With the familiarity of a man laughing at his own fatness, he
put his arms round my waist and laid on my breast his big soft
head, with the hair combed down on the forehead like a Little
Russian's, and went off into a thin, aged laugh.
"And you go on getting younger," he said through his laugh. "I
wonder what dye you use for your hair and beard; you might let
me have some of it." Sniffing and gasping, he embraced me and
kissed me on the cheek. "You might give me some of it," he
repeated. "Why, you are not forty, are you?"
"Alas, I am forty-six!" I said, laughing.
Ivan Ivanitch smelt of tallow candles and cooking, and that
suited him. His big, puffy, slow-moving body was swathed in a
long frock-coat like a coachman's full coat, with a high waist,
and with hooks and eyes instead of buttons, and it would have
been strange if he had smelt of eau-de-Cologne, for instance. In
his long, unshaven, bluish double chin, which looked like a
thistle, his goggle eyes, his shortness of breath, and in the
whole of his clumsy, slovenly figure, in his voice, his laugh,
and his words, it was difficult to recognize the graceful,
interesting talker who used in old days to make the husbands of
the district jealous on account of their wives.
"I am in great need of your assistance, my friend," I said, when
we were sitting in the dining-room, drinking tea. "I want to
organize relief for the starving peasants, and I don't know how
to set about it. So perhaps you will be so kind as to advise
me."
"Yes, yes, yes," said Ivan Ivanitch, sighing. "To be sure, to be
sure, to be sure. . . ."
"I would not have worried you, my dear fellow, but really there
is no one here but you I can appeal to. You know what people are
like about here."
"To be sure, to be sure, to be sure. . . . Yes."

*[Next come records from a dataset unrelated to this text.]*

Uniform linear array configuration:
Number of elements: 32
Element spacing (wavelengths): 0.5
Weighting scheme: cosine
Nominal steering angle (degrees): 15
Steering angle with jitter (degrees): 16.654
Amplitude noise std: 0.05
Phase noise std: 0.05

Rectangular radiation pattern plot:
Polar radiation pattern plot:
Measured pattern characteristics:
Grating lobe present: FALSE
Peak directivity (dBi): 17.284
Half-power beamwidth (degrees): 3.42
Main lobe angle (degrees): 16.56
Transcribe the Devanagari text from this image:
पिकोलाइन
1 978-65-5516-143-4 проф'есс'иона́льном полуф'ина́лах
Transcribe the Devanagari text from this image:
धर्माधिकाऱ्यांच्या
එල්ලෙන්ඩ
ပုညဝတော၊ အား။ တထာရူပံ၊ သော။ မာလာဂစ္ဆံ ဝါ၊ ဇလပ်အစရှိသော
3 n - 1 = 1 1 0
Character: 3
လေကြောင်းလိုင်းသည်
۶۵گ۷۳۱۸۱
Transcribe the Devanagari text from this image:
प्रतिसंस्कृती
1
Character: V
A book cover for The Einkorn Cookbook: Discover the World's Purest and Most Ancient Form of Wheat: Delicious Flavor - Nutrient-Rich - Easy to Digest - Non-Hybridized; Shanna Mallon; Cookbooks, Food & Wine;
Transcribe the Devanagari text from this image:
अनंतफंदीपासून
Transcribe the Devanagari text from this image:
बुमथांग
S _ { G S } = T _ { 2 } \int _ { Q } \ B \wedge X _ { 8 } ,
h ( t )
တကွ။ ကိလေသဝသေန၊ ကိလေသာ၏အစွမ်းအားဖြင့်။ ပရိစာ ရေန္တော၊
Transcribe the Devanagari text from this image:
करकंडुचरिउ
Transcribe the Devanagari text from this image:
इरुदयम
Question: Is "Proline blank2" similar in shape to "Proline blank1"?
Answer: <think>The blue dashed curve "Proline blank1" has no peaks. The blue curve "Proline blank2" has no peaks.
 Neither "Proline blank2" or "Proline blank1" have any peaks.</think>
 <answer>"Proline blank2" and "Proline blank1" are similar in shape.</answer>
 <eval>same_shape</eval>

I thought that as we were going to have a serious, business
consultation in which any one might take part, regardless of
their position or personal relations, why should I not invite
Natalya Gavrilovna.
"Tres faciunt collegium," I said gaily. "What if we were to ask
Natalya Gavrilovna? What do you think? Fenya," I said, turning
to the maid, "ask Natalya Gavrilovna to come upstairs to us, if
possible at once. Tell her it's a very important matter."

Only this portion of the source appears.